Artist Lenin Marquez Salazar, who was born and grew up in the Sinaloan town of Mocorito, paints the rich landscapes of his agricultural state, but with a macabre twist. Into the pastoral frame, he adds bodies of blindfolded men with their hands and feet tied or wrapped in blankets, duplicating the daily images of drug trafficker victims.
“We forget we’re a global society and that what happens somewhere else is affecting us here,” said Marquez Salazar, 42, who has exhibited his work in the United States and Colombia. “I want to create awareness about this, not as a complaint, but as a way of expressing what I’m seeing.”
Another Sinaloan artist, Teresa Margolles, included the floor-mopping piece in her installation at the Mexican Pavilion of the 2009 Venice Art Biennial. She collects artifacts from crime scenes, which are rarely secured in Mexico, unlike in the U.S., such as pieces of glass or cloth dabbed with mud and blood.

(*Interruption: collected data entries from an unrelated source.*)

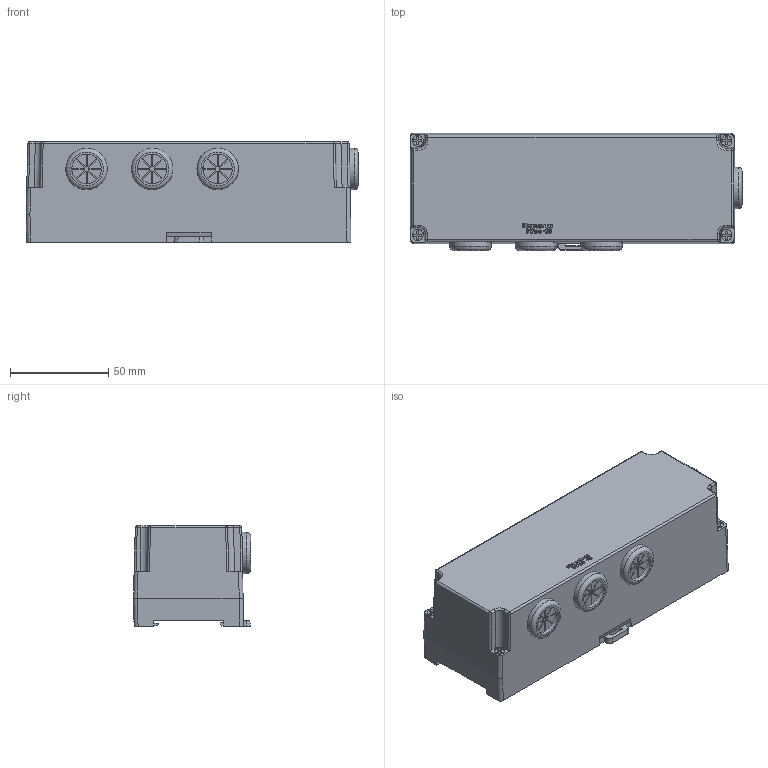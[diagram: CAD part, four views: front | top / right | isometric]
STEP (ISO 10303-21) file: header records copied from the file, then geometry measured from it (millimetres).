
FILE_DESCRIPTION(/* description */ (''),/* implementation_level */ '2;1');
FILE_NAME(/* name */ 'D1266-20 3D.stp',/* time_stamp */ '2024-08-15T14:08:51+08:00',/* author */ (''),/* organization */ (''),/* preprocessor_version */ 'ST-DEVELOPER v14',/* originating_system */ 'SIEMENS PLM Software NX 8.0',/* authorisation */ '');
FILE_SCHEMA (('AUTOMOTIVE_DESIGN { 1 0 10303 214 3 1 1 1 }'));
Length unit declared in the file: millimetre
Products named in the file (1): D1266-20 3D_stp
Bounding box: 168.61 x 59.53 x 51 mm (x, y, z)
Volume: 417399.6 mm3; surface area: 61107.4 mm2
Topology: 1 solids, 1 shells, 515 faces, 1361 edges, 883 vertices
Faces by surface type: plane 360, cylinder 117, extrusion 16, sphere 8, cone 6, torus 6, bspline 2
Full cylindrical faces by diameter (mm): 3.5 x2, 5.5 x4, 15 x4, 21 x4
Entity records: 17617 total; most frequent: CARTESIAN_POINT 3764, ORIENTED_EDGE 2652, DIRECTION 2610, EDGE_CURVE 1326, VECTOR 986, LINE 970, VERTEX_POINT 878, AXIS2_PLACEMENT_3D 812

Margolles, who’s based in the Sinaloa capital of Culiacan and has long worked violent themes, created the art show to fulfill “a social function of mourning, of marking the disappearance of a generation,” said Cuauhtemoc Medina, who curated Margolle’s 2009 exhibit.
“Theresa and I were guided by our disbelief that the 8,000 people killed nationwide by then didn’t count,” added Medina, one of Mexico’s top art curators and critics. “There is such a social blindness that they need 35,000 dead people to realize this is a total disaster.”

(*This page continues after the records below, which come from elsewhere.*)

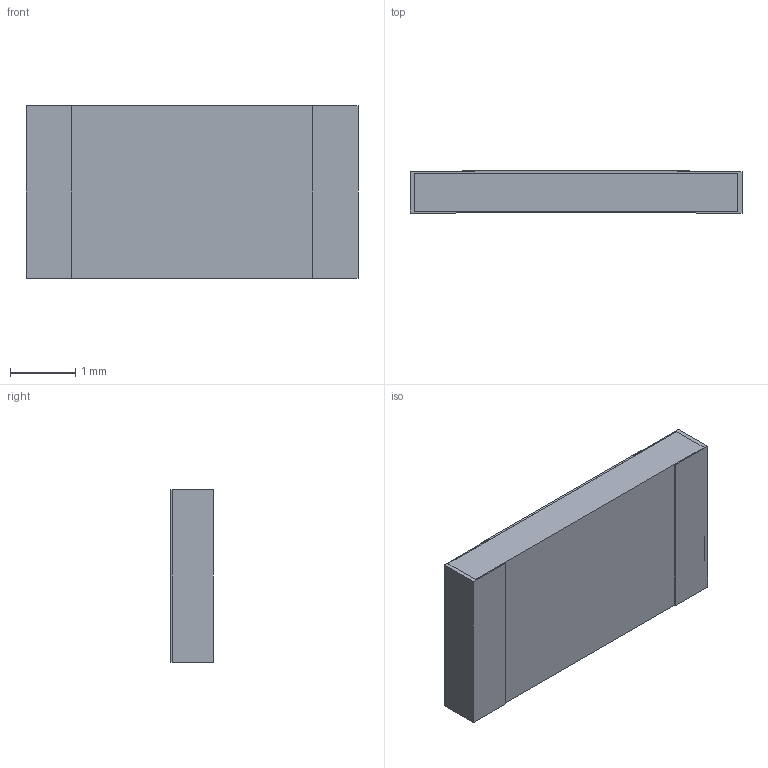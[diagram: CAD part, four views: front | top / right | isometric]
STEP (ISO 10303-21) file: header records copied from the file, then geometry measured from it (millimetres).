
FILE_DESCRIPTION (( 'STEP AP214' ), '1' );
FILE_NAME ('RS_SMDCHIP_2010_L5.1W2.65T0.65B10.8B20.7.STEP', '2024-01-29T20:08:44', ( '' ), ( '' ), 'SwSTEP 2.0', 'SolidWorks 2021', '' );
FILE_SCHEMA (( 'AUTOMOTIVE_DESIGN' ));
Length unit declared in the file: millimetre
Products named in the file (1): RS_SMDCHIP_2010_L5.1W2.65T0.65B10.8B20.7
Bounding box: 5.1 x 0.65 x 2.65 mm (x, y, z)
Volume: 8.5 mm3; surface area: 79.6 mm2
Topology: 9 solids, 9 shells, 95 faces, 231 edges, 154 vertices
Faces by surface type: plane 87, bspline 8
Entity records: 3289 total; most frequent: CARTESIAN_POINT 615, ORIENTED_EDGE 462, DIRECTION 391, EDGE_CURVE 231, LINE 215, VECTOR 215, VERTEX_POINT 154, EDGE_LOOP 99
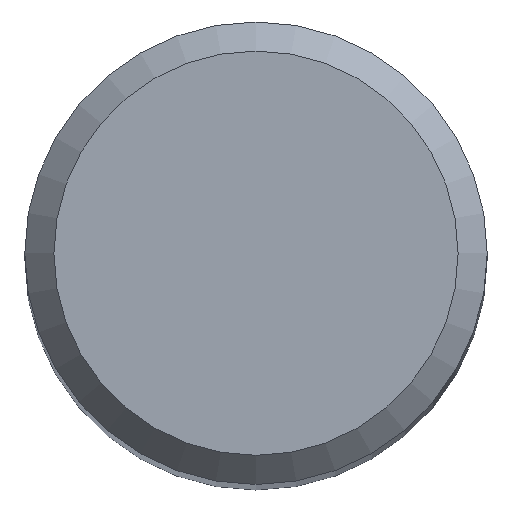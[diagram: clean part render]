
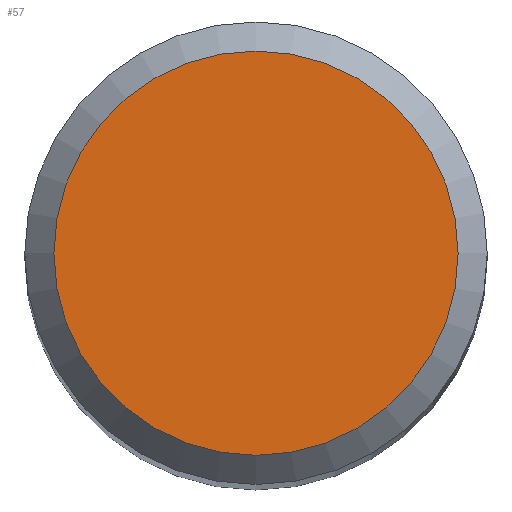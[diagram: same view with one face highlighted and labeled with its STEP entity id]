
A CAD part, top view. The second image highlights one B-rep face of the part: STEP entity #57.
In plain terms, the highlighted planar face has unit normal (0, 0, 1).
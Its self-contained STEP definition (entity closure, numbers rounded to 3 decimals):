
#42=PLANE('',#198);
#46=FACE_OUTER_BOUND('',#88,.T.);
#57=ADVANCED_FACE('',(#46),#42,.F.);
#88=EDGE_LOOP('',(#106));
#106=ORIENTED_EDGE('',*,*,#131,.T.);
#122=VERTEX_POINT('',#293);
#131=EDGE_CURVE('',#122,#122,#140,.T.);
#140=CIRCLE('',#197,2.775);
#197=AXIS2_PLACEMENT_3D('',#292,#232,#233);
#198=AXIS2_PLACEMENT_3D('',#294,#234,#235);
#232=DIRECTION('',(0.,0.,1.));
#233=DIRECTION('',(-1.,0.,0.));
#234=DIRECTION('',(0.,0.,-1.));
#235=DIRECTION('',(-1.,0.,0.));
#292=CARTESIAN_POINT('',(0.,0.,0.));
#293=CARTESIAN_POINT('',(-2.775,0.,0.));
#294=CARTESIAN_POINT('',(0.,3.175,0.));
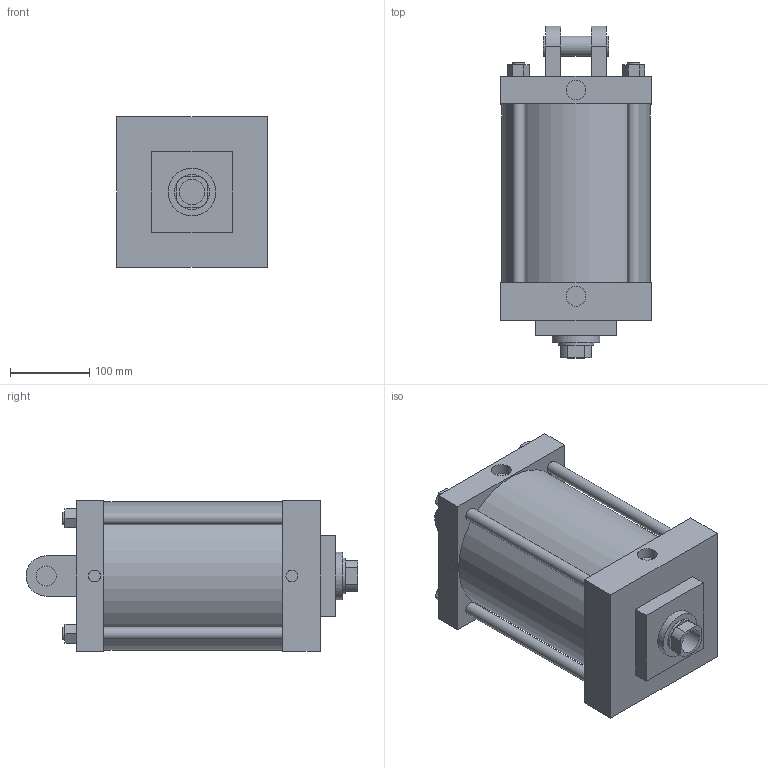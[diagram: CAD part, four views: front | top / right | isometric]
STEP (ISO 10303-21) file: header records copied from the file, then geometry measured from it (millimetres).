
FILE_DESCRIPTION((' Parasolid data model '),'2;1');
FILE_NAME('GSSL','1999-12-15T14:50:56+00:00',(' GSSL '),(' GSSL Pune '),'','GSSL Pune','Author');
FILE_SCHEMA(('CONFIG_CONTROL_DESIGN'));
Length unit declared in the file: millimetre
Bounding box: 190.5 x 419.1 x 190.5 mm (x, y, z)
Surface area: 372055.8 mm2 (no closed solid volume)
Topology: 0 solids, 6 shells, 104 faces, 258 edges, 183 vertices
Faces by surface type: plane 75, cylinder 29
Full cylindrical faces by diameter (mm): 15.081 x6, 15.875 x8, 25.118 x2, 25.4 x3, 31.75 x1, 44.45 x1, 60.325 x1, 187.325 x1
Entity records: 2964 total; most frequent: CARTESIAN_POINT 499, DIRECTION 474, ORIENTED_EDGE 409, EDGE_CURVE 230, VERTEX_POINT 178, LINE 168, VECTOR 168, EDGE_LOOP 166

In some cases, artists have been asked to exhibit their work at government-run museums, only to have them blocked or edited for being too violent.
Medina said Margolles’ installation titled “What Else Can We Talk About?” was supported by federal and private funds, but Mexico’s Foreign Relations Department pulled out of the exhibit’s organizing committee two weeks before the inauguration at the biennial. He said the government didn’t want to be associated with the themes of the work.
The Foreign Relations Department didn’t respond to a request for comment.
In Ciudad Juarez, officials at the city’s Archaeology Museum of the Chamizal edited the name of Martinez’s series down to “City of Sand,” eliminating the world “blood,” when it premiered in February.
The Reinas Chulas have resisted softening their work, and the change in their audience’s mood has been palpable as real-life violence has grown, said Mor, one of the group’s founding performers.
The crowds used to laugh at the group’s antics, which include political satire and outlandish costumes. Now, many of the narco jokes elicit an awkward silence.
“In the last two years, the jokes began to take on a different meaning,” Mor said. “Some people do seem shocked, but in the end we all laugh, because what’s happening hurts us too much.”